## Your instructions
Reproduce the entries shown below only from the line with "A book cover" down to the line with "Question: Please read", keeping both end lines and copying each one exactly.

═══ Data to process

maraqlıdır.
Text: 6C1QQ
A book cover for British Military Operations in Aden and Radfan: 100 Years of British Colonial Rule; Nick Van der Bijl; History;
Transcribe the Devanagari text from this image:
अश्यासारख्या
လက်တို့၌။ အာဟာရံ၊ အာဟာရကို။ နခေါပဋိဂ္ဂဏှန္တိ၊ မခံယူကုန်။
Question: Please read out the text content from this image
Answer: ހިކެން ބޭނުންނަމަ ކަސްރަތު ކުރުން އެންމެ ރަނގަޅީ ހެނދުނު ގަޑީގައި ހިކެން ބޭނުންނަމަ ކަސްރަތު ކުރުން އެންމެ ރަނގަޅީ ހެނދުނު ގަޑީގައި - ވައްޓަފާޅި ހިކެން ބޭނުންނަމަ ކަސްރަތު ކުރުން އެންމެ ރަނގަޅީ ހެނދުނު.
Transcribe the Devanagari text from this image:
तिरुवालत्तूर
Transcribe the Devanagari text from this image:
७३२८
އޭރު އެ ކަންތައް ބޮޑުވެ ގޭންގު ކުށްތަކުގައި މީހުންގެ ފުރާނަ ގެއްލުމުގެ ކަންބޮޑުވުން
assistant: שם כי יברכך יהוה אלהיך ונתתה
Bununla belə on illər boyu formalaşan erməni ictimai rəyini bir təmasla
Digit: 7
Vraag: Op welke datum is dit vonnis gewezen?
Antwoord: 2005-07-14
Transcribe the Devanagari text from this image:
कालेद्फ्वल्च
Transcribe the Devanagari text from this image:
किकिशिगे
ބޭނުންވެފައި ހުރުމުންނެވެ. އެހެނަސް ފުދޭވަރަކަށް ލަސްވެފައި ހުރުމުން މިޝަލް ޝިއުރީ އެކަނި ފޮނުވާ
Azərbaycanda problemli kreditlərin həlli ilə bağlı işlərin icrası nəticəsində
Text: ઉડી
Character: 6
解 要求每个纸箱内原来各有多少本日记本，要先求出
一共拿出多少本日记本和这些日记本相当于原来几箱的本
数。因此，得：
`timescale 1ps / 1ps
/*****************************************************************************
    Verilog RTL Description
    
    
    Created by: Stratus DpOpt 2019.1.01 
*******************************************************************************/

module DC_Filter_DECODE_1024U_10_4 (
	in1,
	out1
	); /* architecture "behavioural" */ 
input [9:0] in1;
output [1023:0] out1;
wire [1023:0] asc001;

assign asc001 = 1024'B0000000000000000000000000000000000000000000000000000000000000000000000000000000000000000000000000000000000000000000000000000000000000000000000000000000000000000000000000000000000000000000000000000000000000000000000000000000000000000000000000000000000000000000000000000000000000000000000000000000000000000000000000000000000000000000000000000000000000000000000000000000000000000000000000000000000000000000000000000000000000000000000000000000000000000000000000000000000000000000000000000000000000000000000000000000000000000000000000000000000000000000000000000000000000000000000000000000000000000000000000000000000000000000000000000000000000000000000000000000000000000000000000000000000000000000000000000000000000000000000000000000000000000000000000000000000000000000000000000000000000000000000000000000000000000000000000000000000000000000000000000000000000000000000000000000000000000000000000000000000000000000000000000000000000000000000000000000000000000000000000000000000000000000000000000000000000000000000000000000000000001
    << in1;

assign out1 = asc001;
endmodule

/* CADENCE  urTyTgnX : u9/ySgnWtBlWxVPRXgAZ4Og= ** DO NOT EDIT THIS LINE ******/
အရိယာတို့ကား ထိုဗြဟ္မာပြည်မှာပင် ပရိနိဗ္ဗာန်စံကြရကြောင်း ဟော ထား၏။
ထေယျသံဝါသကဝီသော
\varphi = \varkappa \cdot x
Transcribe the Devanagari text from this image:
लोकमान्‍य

══════

## Result
A book cover for British Military Operations in Aden and Radfan: 100 Years of British Colonial Rule; Nick Van der Bijl; History;
Transcribe the Devanagari text from this image:
अश्यासारख्या
လက်တို့၌။ အာဟာရံ၊ အာဟာရကို။ နခေါပဋိဂ္ဂဏှန္တိ၊ မခံယူကုန်။
Question: Please read out the text content from this image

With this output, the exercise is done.